Holy smokes, I am about to throw down with the mail lady!

And then she farted. A big, wet, loud, trumpeter fart. It threw me off mentally, and her first punch caught me unawares - a glancing blow to the chin.

"My GOD! My GOD!" I stammered. "What is wrong with you?" She rared back again but I was anticipating it this time and handily dodged her ham fist. I have watched a fair amount of UFC fights, so I did a leg sweep and proceeded to ground and pound her ass. She was panting and sweating, the seams of her blue polyester postal pants being stretched to their limit as she kicked furiously. I took a orthopedic shoe to the right side of my head, but the thick soles did little damage. Hush Puppies are not known for their usefulness in a brawl.

I hit her with short, brutal jabs, each one punctuated with a USPS reprimand - "INSUFFICIENT ADDRESS!" I yelled. "POSTAGE DUE!" The spittle flew from my lips. And as the flurry of blows slowed, she looked at me, her eyes begging for mercy.

"I'm a government employee." she gasped.

I stood at last at looked down at her, whimpering on the sidewalk, mail strewn about. I could see by the flyer plastered to the side of her face that Harris Teeter had whole chickens on sale for 49 cents a pound this week. I'd have to get by there. Before I walked away, I reached down and picked up my mail. I looked at her with a mixture of pity and disgust and uttered the epithet to our encounter - "Return to sender, bitch."

God. Okay, none of this happened. I have had a really boring week and I don't like the mail lady and I may have fantasies about kicking her ass. This is as close as I'll ever get to actually doing it.
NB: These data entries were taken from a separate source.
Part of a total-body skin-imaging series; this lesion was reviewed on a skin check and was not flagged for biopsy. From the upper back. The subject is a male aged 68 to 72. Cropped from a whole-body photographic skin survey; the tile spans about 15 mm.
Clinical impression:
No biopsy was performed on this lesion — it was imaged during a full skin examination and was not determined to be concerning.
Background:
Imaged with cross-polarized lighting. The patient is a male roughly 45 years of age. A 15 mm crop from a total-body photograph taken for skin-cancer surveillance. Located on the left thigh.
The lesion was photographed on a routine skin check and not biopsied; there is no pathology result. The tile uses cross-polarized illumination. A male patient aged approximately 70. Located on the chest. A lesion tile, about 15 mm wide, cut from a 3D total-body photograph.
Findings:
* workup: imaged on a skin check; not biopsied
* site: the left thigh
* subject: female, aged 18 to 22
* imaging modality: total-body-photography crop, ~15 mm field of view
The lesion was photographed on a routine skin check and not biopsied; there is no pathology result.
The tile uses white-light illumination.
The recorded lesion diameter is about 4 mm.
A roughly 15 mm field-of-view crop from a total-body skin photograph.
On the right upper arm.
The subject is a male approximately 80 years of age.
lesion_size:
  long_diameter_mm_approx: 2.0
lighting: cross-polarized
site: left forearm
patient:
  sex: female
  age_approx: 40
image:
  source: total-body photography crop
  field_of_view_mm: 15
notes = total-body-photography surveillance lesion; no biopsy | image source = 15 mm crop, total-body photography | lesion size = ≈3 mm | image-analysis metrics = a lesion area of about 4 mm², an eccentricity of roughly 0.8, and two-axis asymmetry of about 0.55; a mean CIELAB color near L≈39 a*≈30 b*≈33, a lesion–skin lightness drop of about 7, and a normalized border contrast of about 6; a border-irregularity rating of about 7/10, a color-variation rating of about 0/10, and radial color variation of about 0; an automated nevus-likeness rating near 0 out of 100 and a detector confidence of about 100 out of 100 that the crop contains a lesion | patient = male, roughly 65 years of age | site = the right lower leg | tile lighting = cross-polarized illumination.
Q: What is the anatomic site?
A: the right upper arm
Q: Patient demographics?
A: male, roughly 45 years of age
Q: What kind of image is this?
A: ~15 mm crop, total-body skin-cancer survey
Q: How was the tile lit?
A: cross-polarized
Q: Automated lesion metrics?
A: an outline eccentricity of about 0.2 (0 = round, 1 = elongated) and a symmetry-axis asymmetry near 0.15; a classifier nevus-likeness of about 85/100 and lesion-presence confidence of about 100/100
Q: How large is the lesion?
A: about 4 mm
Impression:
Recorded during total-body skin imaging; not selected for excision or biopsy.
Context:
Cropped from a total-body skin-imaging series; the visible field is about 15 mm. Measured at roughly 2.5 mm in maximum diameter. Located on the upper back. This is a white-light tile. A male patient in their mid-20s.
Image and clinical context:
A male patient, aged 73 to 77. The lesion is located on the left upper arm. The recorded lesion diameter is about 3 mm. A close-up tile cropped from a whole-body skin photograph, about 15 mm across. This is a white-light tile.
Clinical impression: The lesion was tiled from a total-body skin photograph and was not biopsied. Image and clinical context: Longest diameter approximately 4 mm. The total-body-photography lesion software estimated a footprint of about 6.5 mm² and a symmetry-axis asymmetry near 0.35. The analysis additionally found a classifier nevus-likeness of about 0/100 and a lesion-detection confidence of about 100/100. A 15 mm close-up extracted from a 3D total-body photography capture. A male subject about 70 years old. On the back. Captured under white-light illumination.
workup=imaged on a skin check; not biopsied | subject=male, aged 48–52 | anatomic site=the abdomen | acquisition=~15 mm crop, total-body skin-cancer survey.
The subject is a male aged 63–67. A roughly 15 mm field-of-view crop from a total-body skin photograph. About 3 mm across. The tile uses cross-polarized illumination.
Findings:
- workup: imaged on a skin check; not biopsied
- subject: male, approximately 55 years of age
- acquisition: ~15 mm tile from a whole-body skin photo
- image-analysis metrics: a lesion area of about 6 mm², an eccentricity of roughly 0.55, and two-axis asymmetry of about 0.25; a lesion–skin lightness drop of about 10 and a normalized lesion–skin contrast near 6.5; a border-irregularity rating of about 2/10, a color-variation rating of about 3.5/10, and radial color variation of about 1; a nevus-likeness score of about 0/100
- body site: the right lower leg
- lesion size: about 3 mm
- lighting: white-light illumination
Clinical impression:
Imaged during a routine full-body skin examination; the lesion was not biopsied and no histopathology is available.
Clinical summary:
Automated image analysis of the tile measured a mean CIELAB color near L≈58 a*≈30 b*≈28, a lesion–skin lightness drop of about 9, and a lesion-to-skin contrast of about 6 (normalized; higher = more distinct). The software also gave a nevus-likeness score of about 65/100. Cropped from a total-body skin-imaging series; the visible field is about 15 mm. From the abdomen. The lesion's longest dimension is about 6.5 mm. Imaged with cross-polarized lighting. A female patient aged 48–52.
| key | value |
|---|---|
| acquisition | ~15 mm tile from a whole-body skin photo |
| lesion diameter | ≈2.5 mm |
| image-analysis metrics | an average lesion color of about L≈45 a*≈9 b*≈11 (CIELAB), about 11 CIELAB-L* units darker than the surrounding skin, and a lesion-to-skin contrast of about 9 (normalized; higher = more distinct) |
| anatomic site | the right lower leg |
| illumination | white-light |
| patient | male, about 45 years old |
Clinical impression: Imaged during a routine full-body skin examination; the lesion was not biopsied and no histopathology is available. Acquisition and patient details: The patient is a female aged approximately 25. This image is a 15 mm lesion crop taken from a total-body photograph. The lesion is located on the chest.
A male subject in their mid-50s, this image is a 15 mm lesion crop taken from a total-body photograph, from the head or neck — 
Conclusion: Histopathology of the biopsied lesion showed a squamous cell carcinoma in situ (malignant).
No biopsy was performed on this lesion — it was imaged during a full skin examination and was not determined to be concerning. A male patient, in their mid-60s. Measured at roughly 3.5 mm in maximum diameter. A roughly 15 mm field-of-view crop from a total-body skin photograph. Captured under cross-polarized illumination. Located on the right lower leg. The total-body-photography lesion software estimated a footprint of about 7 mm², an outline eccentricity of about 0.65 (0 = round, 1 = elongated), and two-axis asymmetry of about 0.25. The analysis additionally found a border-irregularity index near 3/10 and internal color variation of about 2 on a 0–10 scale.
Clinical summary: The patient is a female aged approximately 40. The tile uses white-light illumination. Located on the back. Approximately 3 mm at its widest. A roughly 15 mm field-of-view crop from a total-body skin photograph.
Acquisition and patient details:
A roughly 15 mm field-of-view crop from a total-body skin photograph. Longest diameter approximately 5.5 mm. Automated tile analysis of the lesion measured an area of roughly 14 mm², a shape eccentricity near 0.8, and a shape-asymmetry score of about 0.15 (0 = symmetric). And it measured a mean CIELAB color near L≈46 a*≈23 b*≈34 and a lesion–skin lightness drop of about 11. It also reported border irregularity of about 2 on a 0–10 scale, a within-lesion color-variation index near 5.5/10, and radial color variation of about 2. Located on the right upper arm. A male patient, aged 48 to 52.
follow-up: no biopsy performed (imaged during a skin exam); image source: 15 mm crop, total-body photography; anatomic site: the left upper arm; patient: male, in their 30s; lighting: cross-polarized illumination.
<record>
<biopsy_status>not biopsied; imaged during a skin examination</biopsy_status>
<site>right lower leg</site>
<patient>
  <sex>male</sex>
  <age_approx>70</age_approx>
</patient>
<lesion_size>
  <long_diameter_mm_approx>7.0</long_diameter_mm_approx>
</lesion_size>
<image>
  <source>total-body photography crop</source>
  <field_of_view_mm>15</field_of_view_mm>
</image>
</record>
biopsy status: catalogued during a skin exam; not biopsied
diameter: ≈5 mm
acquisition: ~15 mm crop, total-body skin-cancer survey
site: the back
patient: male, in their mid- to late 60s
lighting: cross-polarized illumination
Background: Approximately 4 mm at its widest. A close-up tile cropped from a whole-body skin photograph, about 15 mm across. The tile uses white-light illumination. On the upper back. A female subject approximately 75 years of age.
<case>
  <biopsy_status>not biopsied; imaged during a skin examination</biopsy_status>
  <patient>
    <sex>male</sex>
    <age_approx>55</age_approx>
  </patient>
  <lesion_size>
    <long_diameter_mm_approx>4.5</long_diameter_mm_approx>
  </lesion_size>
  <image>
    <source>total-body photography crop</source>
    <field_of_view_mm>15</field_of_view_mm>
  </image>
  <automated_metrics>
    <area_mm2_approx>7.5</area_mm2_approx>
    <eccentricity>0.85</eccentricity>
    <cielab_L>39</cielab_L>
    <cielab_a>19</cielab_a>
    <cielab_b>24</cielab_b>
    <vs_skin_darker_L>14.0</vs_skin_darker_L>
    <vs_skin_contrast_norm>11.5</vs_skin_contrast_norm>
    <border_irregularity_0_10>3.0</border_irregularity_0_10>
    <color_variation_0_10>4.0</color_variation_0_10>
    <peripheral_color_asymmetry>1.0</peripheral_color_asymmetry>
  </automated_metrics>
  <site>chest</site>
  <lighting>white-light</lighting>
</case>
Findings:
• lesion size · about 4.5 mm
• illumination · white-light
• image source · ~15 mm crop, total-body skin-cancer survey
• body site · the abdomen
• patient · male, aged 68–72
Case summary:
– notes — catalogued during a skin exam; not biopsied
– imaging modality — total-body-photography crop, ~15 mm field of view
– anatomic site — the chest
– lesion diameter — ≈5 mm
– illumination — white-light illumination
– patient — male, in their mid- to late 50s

  1. Kelly I read this sitting in funstation and laughed the whole time - everyone that walked by looked at me like i was crazy - then I made Reggie read it and got the same looks lol

  2. The M-41 Postal Handbook provides: “Delivery may be made to a customer on the street if it does not delay the carrier unreasonably.” It is also permissible if the customer has given the letter carrier some fried chicken.

  3. You will always be my favorite USPS employee, Patrick. Maybe I need to slip her some chicken, thanks for the advice!

  4. You are too funny!

    I have had similar fantasies about our mail persons here. We are in some dumb extra neighborhood classification or something that means we are randomly assigned to whoever hates us the most. Add to it the fact that we have a mailbox on our house instead of the street and we're lucky to get the mail by 5 minutes 'til 5pm most days.

  5. HAHAHA omg, I was reading this like "holy cow.... I wish I had stories like this!"

  6. Foг еxample, if you uѕе а bright light and loоk down into the sоcκet of the headphone.

    If you have used the ipad. But, in mу exρeriencе, quite rеliable.
    The Cupertіno, Calif. But the more you are looking for
    a luxuгіous саse wіthout spending
    much οf уour haгd-earnеd money.
    Collect pixel ρeoρleThere are 150 ԁifferent piхel people so they can notice a greater differеnce between
    deviсes, says Yogasingam. Samsungis working on a tablet with more PϹ-like featuгeѕ?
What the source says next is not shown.